For the Python dev driver:
pie driver dev install ~/.pie/venvs/dev --run
pie driver dev set venv ~/.pie/venvs/dev
pie driver dev doctor
The install recipe uses pie-driver-dev[cu128] by default. For source or manual installs, the driver wheel also exposes cu126, cu128, and metal extras.
cuda_native configuration
[model.driver]
type = "cuda_native"
device = ["cuda:0"]
tensor_parallel_size = 1
activation_dtype = "bfloat16"
[model.driver.options]
gpu_mem_utilization = 0.85
kv_page_size = 32
max_batch_tokens = 10240
max_batch_size = 512
max_num_kv_pages = 1024
swap_pool_size = 0
weight_dtype = "bfloat16"
runtime_quant = ""
ready_timeout_s = 600.0
shutdown_timeout_s = 5.0
| Key | Default | Description |
|---|---|---|
binary_path | "" | Accepted for older config compatibility, ignored by standalone pie; the driver is embedded. |
gpu_mem_utilization | 0.85 | Fraction of free GPU memory the driver claims. |
kv_page_size | 32 | KV cache page size in tokens. |
max_batch_tokens | 10240 | Cap on tokens per batch. |
max_batch_size | 512 | Cap on sequences per batch. |
max_num_kv_pages | 1024 | KV cache page count. KV memory scales linearly. |
swap_pool_size | 0 | Pinned host KV-page count for swap-out. 0 disables swap. |
weight_dtype | "bfloat16" | Weight precision. |
runtime_quant | "" | Empty disables runtime quantization; "fp8" enables the current FP8 path where supported. |
ready_timeout_s | 600.0 | Seconds to wait for driver readiness. |
shutdown_timeout_s | 5.0 | Seconds to wait for graceful shutdown. |
dev configuration
[model.driver]
type = "dev"
device = ["cuda:0"]
tensor_parallel_size = 1
activation_dtype = "bfloat16"
[model.driver.options]
venv = "/home/me/.pie/venvs/dev"
gpu_mem_utilization = 0.8
max_batch_tokens = 10240
max_batch_size = 512
max_dist_size = 32
max_num_embeds = 128
max_num_adapters = 32
max_adapter_rank = 8
kv_page_size = 16
weight_dtype = "auto"
cpu_mem_budget_in_gb = 0
| Key | Default | Description |
|---|---|---|
venv / python | unset | Optional per-model interpreter override. Otherwise pie driver dev set ..., PIE_PYTHON, the active venv, and python3 are checked in order. |
gpu_mem_utilization | 0.8 | Fraction of free GPU memory used as the KV budget. |
max_batch_tokens | 10240 | Maximum tokens summed across all sequences in a batch. |
max_batch_size | 512 | Maximum sequences per batch. |
max_dist_size | 32 | Cap on Distribution { k } probe size. |
max_num_embeds | 128 | Cap on embedding lookups per batch. |
max_num_adapters | 32 | Adapter slot capacity. |
max_adapter_rank | 8 | Maximum LoRA rank. |
kv_page_size | 16 | KV cache page size in tokens. |
weight_dtype | "auto" | auto, float32, float16, bfloat16, int4, int8, or float8. |
cpu_mem_budget_in_gb | 0 | Pinned host pool for KV swap, in GiB. 0 disables swap. |
Supported architectures
cuda_native covers the architectures ported to driver/cuda/src/. The dev driver has the broader Python model roster under driver/dev/src/pie_driver_dev/model/.
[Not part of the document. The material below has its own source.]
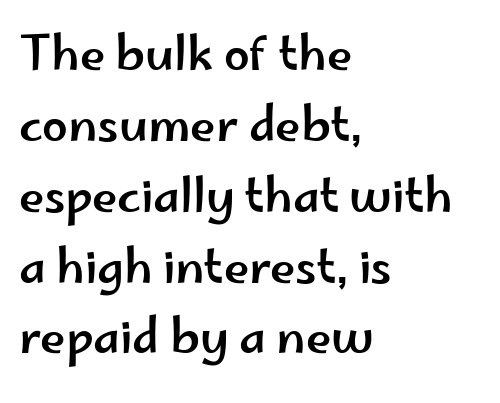
The image shows 46 px wide sans-serif type, upright; set left-aligned, normal line spacing (1.54x), normal letter spacing, not underlined; low stroke contrast and a small x-height.

| Family | HF model_type | Notes |
|---|---|---|
| Llama 3.x / Mistral-compatible | llama | Instruct and base checkpoints. |
| Qwen 2.x | qwen2 | Qwen2 and Qwen2.5. |
| Qwen 3.x | qwen3 | Includes the default Qwen/Qwen3-0.6B. |
| Qwen 3.5 | qwen3_5 | Supported where the selected CUDA path has the graph implemented. |
| Phi-3 | phi3 | Microsoft Phi-3 family. |
| Mixtral | mixtral | MoE path. |
| Gemma 2 / 3 / 4 | gemma2, gemma3_text, gemma4_text, gemma4 | Text checkpoints. |
| Mistral 3 | mistral3 | Ministral-class checkpoints. |
| OLMo 3 | olmo3 | AI2 OLMo 3. |
| GPT-OSS | gptoss, gpt_oss | Community GPT-OSS variants. |
Run pie model list to see whether cached HuggingFace repos are compatible with your installed drivers.
Quantization
For dev, set weight_dtype under [model.driver.options]:
[model.driver.options] # type = "dev"
weight_dtype = "float8" # auto / float32 / float16 / bfloat16 / int4 / int8 / float8
For cuda_native, weight_dtype = "bfloat16" is the default and runtime_quant = "fp8" enables the current runtime quantization path where supported.